Task statement
Retype all data exactly as given. Pictures should not be retyped.

** The records follows **

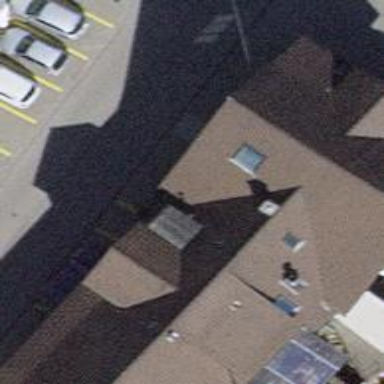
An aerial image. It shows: Restaurant.
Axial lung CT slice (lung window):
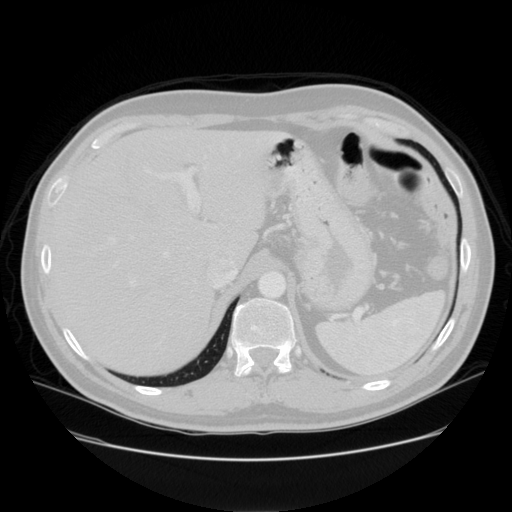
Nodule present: no
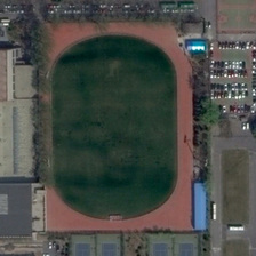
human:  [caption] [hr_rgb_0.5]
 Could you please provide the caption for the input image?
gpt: The stadium is next to the parking lot.

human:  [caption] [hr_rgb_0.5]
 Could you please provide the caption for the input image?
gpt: is a large green playground surrounded by race tracks near a parking lot full of cars.

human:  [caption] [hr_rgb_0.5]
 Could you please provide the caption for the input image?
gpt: It is a big green playground surrounded by a truck running next to a parking lot full of cars.

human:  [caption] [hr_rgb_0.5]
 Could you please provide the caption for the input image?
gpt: The ground sports ground is next to the parking lot.

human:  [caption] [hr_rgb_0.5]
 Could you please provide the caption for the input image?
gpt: It's a huge green playground surrounded by runways and a parking lot full of cars.
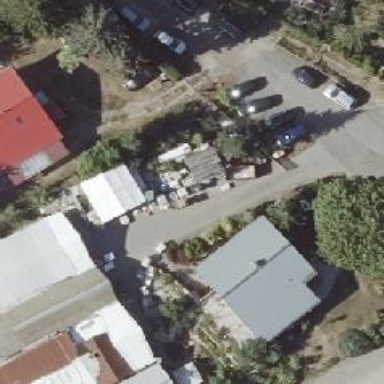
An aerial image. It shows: Trade shop.
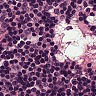
Metastatic tissue present: no
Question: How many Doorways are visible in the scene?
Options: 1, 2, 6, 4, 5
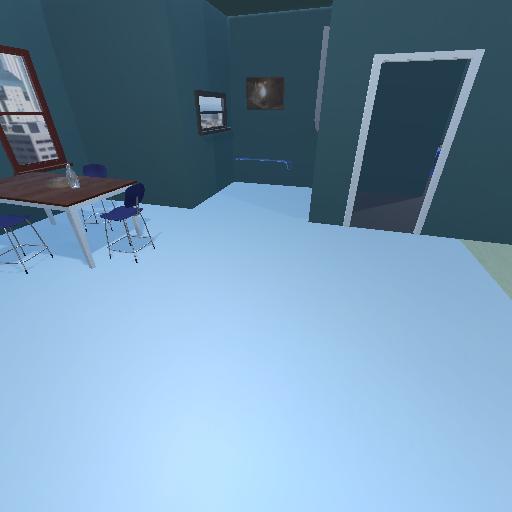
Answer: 1
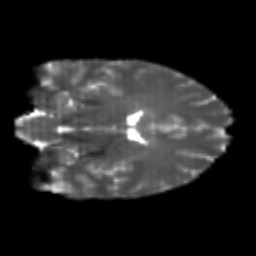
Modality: T2w
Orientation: coronal
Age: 26
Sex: female
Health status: healthy
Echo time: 0.074 s
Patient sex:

** End of The records **

Solution to the problem
An aerial image. It shows: Restaurant.
Axial lung CT slice (lung window):
Nodule present: no
human:  [caption] [hr_rgb_0.5]
 Could you please provide the caption for the input image?
gpt: The stadium is next to the parking lot.

human:  [caption] [hr_rgb_0.5]
 Could you please provide the caption for the input image?
gpt: is a large green playground surrounded by race tracks near a parking lot full of cars.

human:  [caption] [hr_rgb_0.5]
 Could you please provide the caption for the input image?
gpt: It is a big green playground surrounded by a truck running next to a parking lot full of cars.

human:  [caption] [hr_rgb_0.5]
 Could you please provide the caption for the input image?
gpt: The ground sports ground is next to the parking lot.

human:  [caption] [hr_rgb_0.5]
 Could you please provide the caption for the input image?
gpt: It's a huge green playground surrounded by runways and a parking lot full of cars.
An aerial image. It shows: Trade shop.
Metastatic tissue present: no
Question: How many Doorways are visible in the scene?
Options: 1, 2, 6, 4, 5
Answer: 1
Modality: T2w
Orientation: coronal
Age: 26
Sex: female
Health status: healthy
Echo time: 0.074 s
Patient sex:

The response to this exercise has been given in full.